The struggle for human rights has taken a long, arduous path, in this country and around the world. Now, as these privileges are broadened to include gay rights and same sex marriages, new battles concerning “personhood” continue to emerge.

Personhood is both a philosophical concept as well as a legal one. It is closely tied to Thomas Jefferson’s notion of the God given right to life, liberty and the pursuit of happiness. The idea of personhood has been evoked in all the major struggles for human rights including those involving slavery, apartheid, women’s equality and gay rights.

Currently, there is a movement in some states to afford personhood (through “Personhood Amendments”) to a fetus from the time of conception. Doing so would theoretically make abortion illegal, as the concept of personhood would give a fetus the full rights of an American citizen including all legal protections, privileges, and responsibilities. To kill a “person” (in this case a fetus) would be by its very definition - murder.

Set the fetal personhood debate aside for now.

Another personhood movement has slowly and steadily gathered steam involves animals. This movement was highlighted in a case just last month, when a federal judge dismissed a lawsuit which involved the Animal Enterprise Terrorism Act (AETA). AETA is a law enacted by congress in 2006 which prohibits any person from engaging in certain conduct "for the purpose of damaging or interfering with the operations of an animal enterprise." Many of the people the law had been designed to protect are involved in research projects that include the use of animals. However, opponents of AETA (including groups and individuals who seek greater legal protections and rights for animals) say that the legislation contains provisions which restrict their First Amendment rights to free speech. These advocates insist that free speech is essential to advancing the cause of animal rights, including those who back the concept of personhood for animals.

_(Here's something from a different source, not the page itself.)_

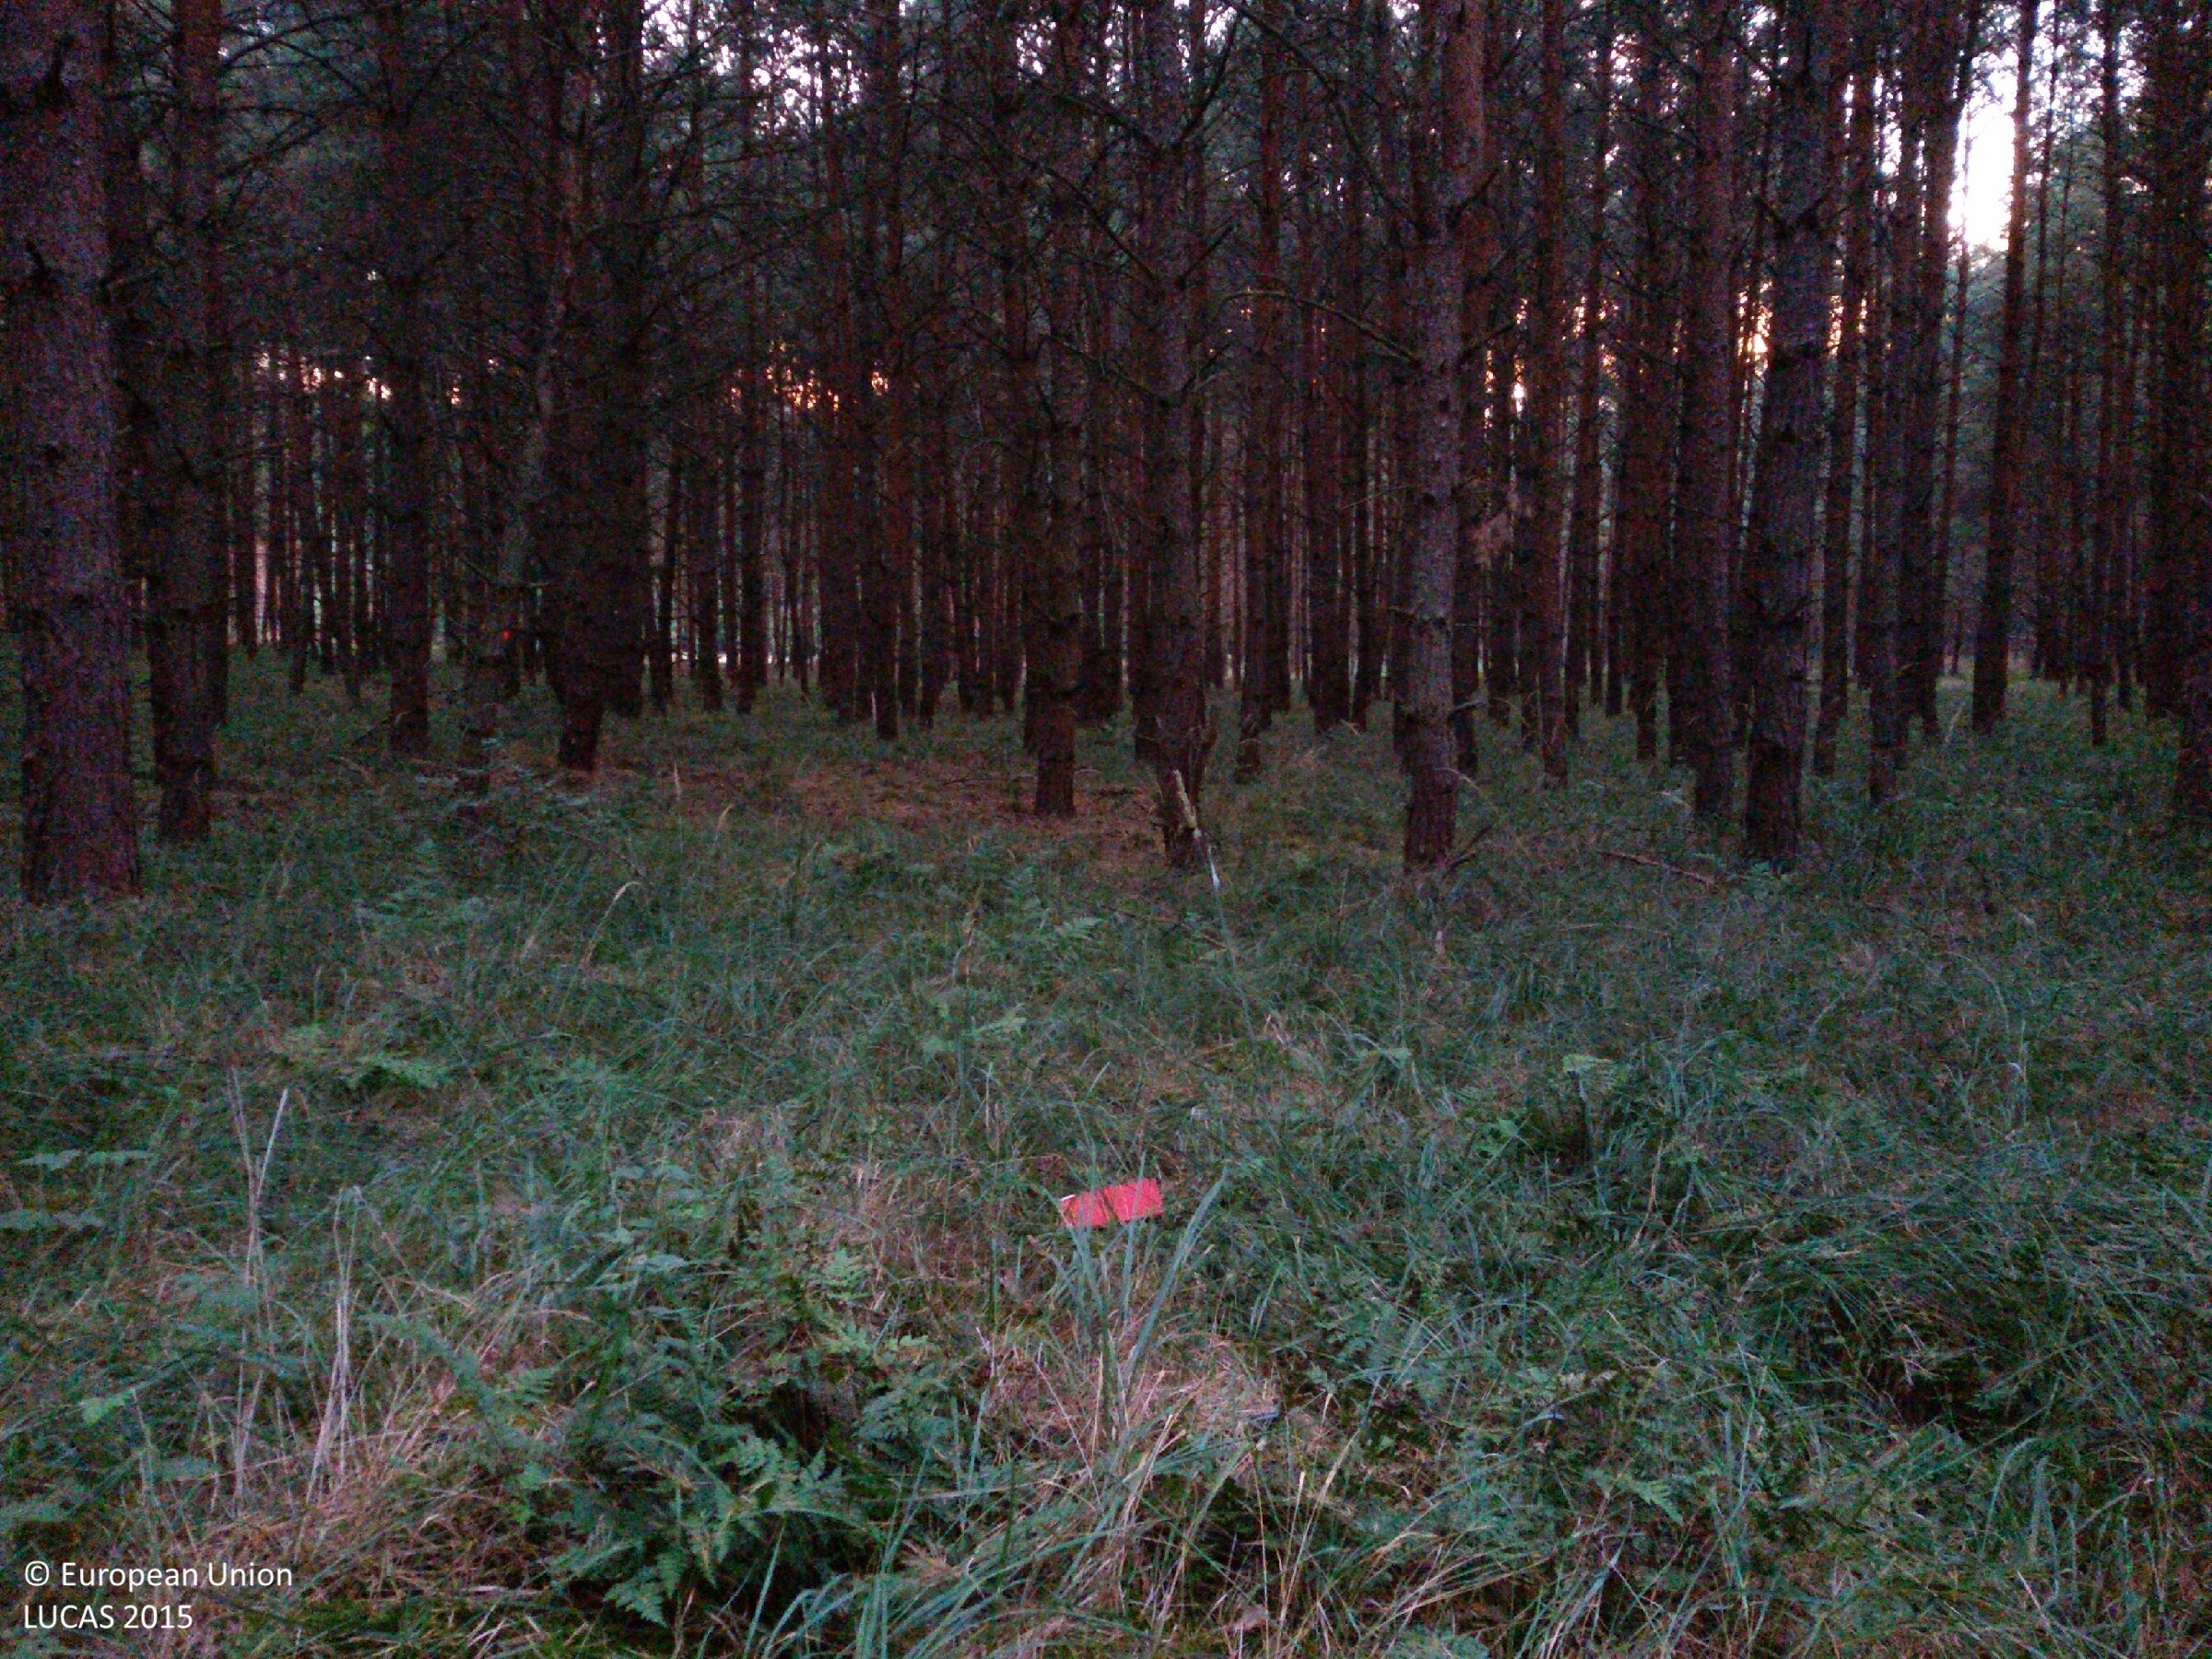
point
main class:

In another recent case specific to the personhood concept, the People for the Ethical Treatment of Animals (PETA) sued SeaWorld in a Southern California federal court seeking a declaration that five killer whales were being held in slavery or involuntary servitude in violation of their 13th Amendment rights.

The 13th Amendment to the Constitution of the United States abolished slavery in 1865. 

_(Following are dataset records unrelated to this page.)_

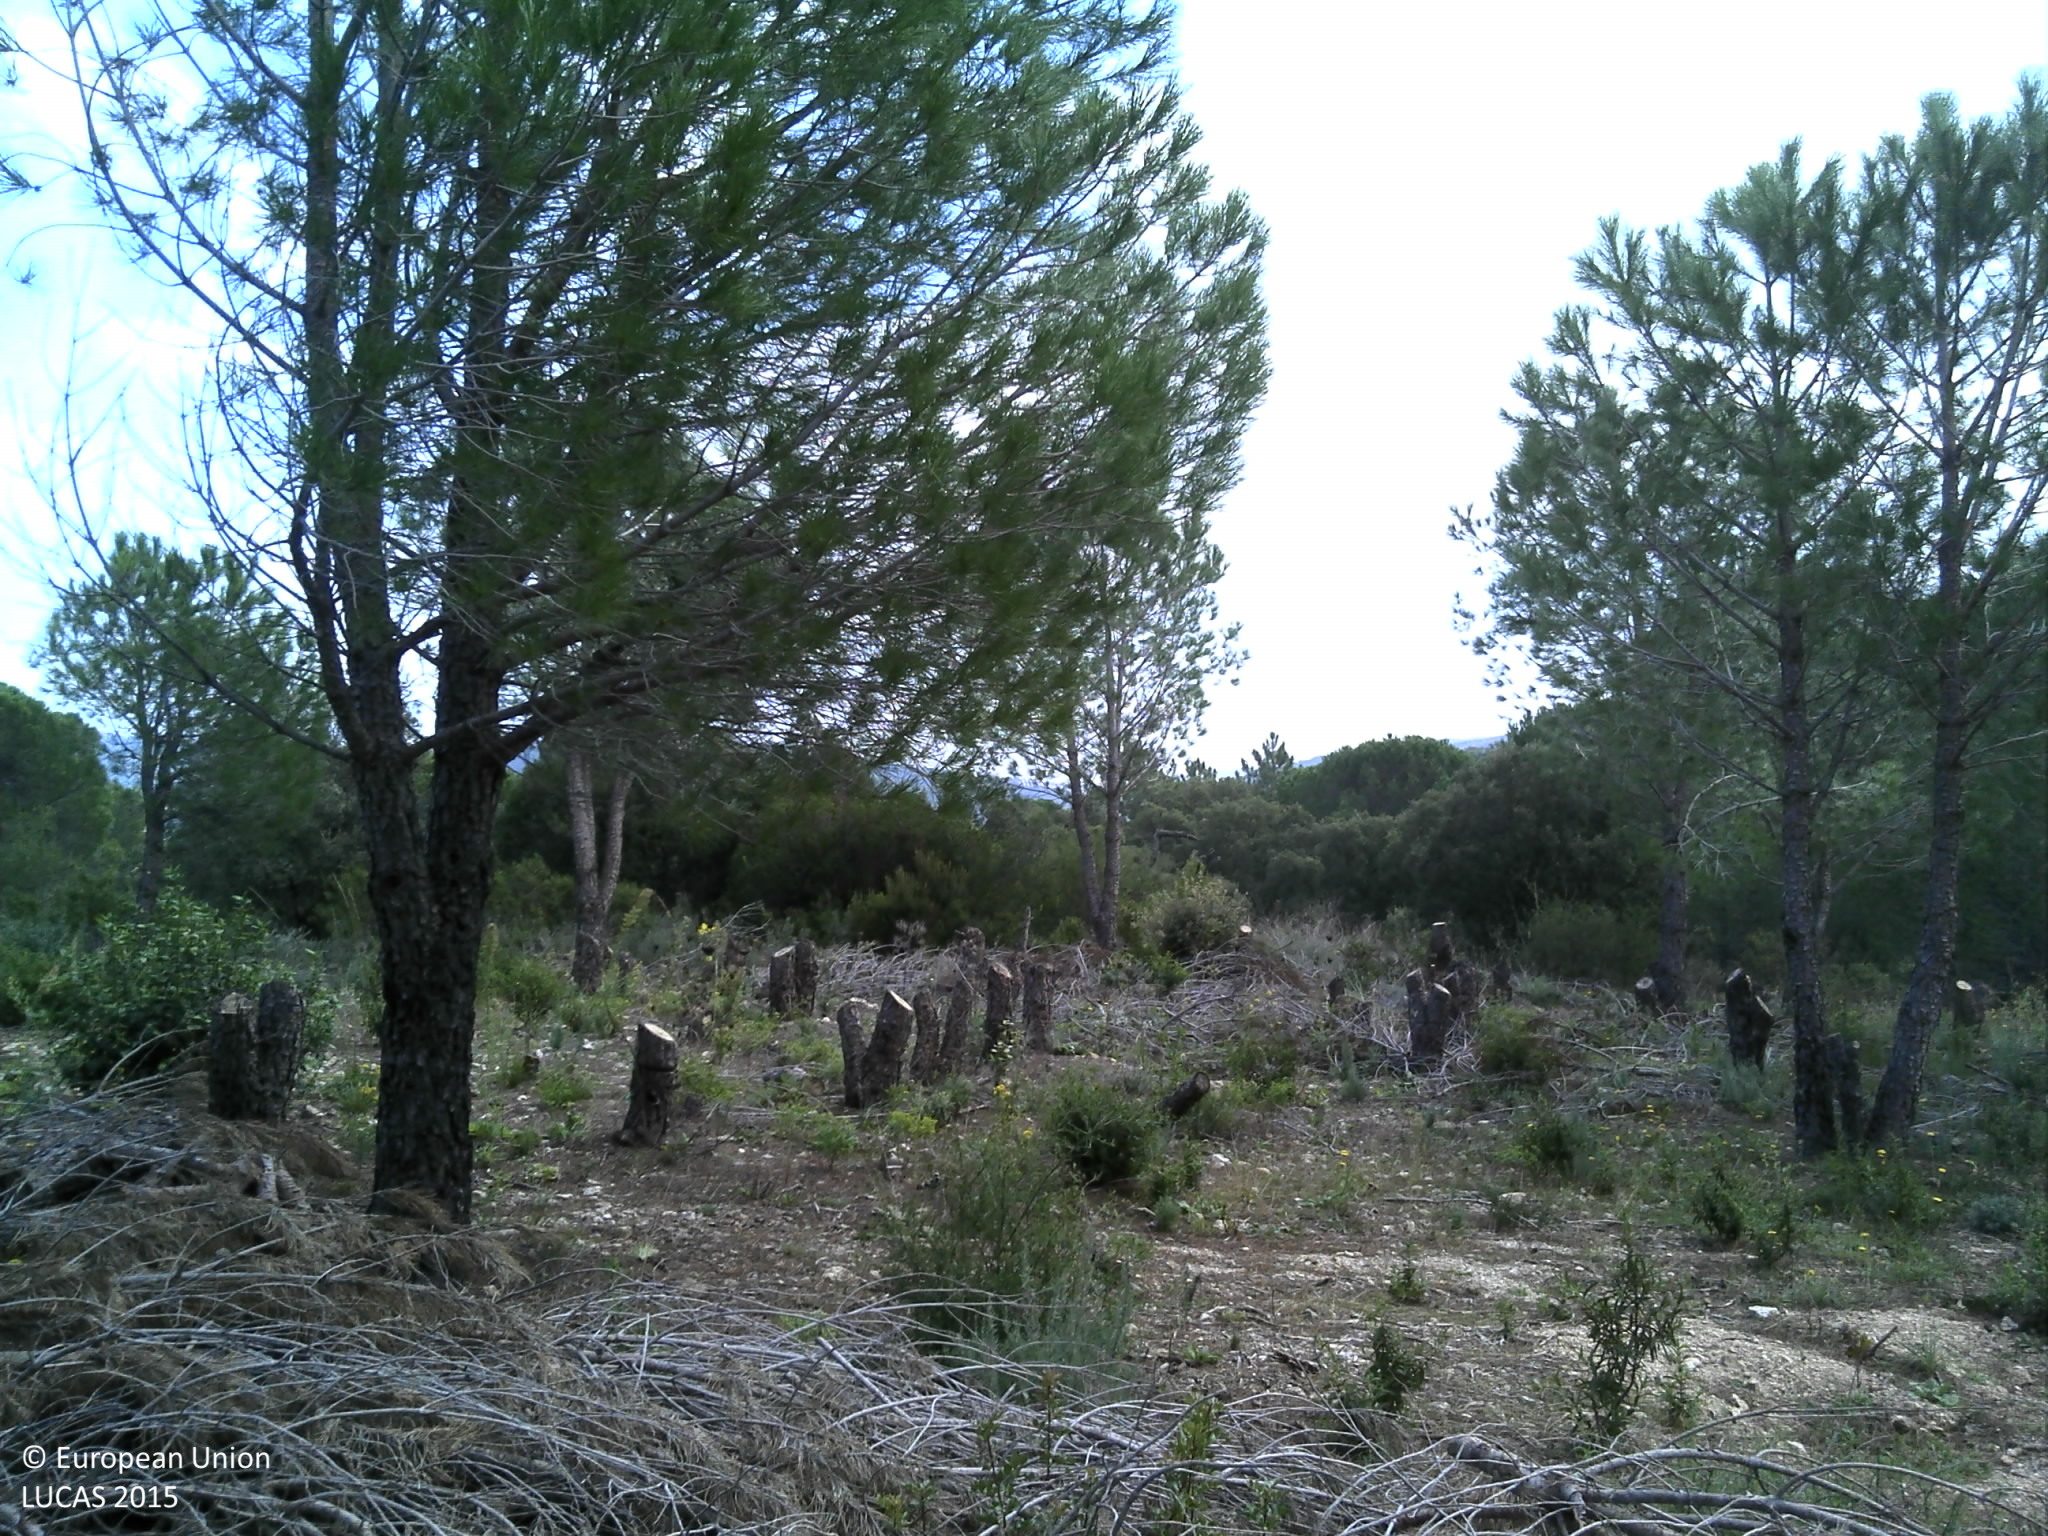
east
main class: Woodland
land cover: Pine dominated coniferous woodland
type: coniferous forest of the mediterranean region
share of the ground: 50 - 75 %
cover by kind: coniferous forest trees 50 %, unconsolidated bare surface 30 %, shrubs 10 %, herbaceous plants 5 %
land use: Forestry
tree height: > 5 m
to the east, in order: Pine dominated coniferous woodland; Shrubland with sparse tree cover; Pine dominated mixed woodland; Fences; Tracks; Fences; Pine dominated mixed woodland; Grassland with sparse tree/shrub cover; Fences; Paved roads, cycling and walking lanes
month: October
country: FR
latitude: 43.3359
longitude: 6.5429

In a prepared statement, Ingrid Newkirk, president of PETA said:

“All five of these orcas were violently seized from the ocean and taken from their families as babies. They are denied freedom and everything else that is natural and important to them while kept in small concrete tanks and reduced to performing stupid tricks.”

Last year, to the disappointment of animal personhood supporters, District Judge Jeffrey Miller tossed the case against SeaWorld out of court.  In his decision, the judge said: "As slavery and involuntary servitude are uniquely human activities, "there is simply no basis to construe the Thirteenth Amendment as applying to non-humans."

Nevertheless, some constitutional lawyers continue to insist that the 13th Amendment is not limited to human beings sighting its precise language which reads: “neither slavery nor involuntary servitude, except as a punishment for crime whereof the party shall have been duly convicted, shall exist within the United States, or any place subject to their jurisdiction.”

In the US, the struggle for animal personhood continues.

The personhood movement for animals is not limited to the United States. Worldwide, governments are moving to expand the rights of animals. Many animal advocates seek the abolishment of animal experimentation, an end to the human consumption of meat and fish by people, and a setting free of most, if not all, domesticated animals.

The current trend is in favor of expanding animal rights. In recent years Spain, New Zealand, Germany and the European Union have enacted laws which afford further legal protections for animals.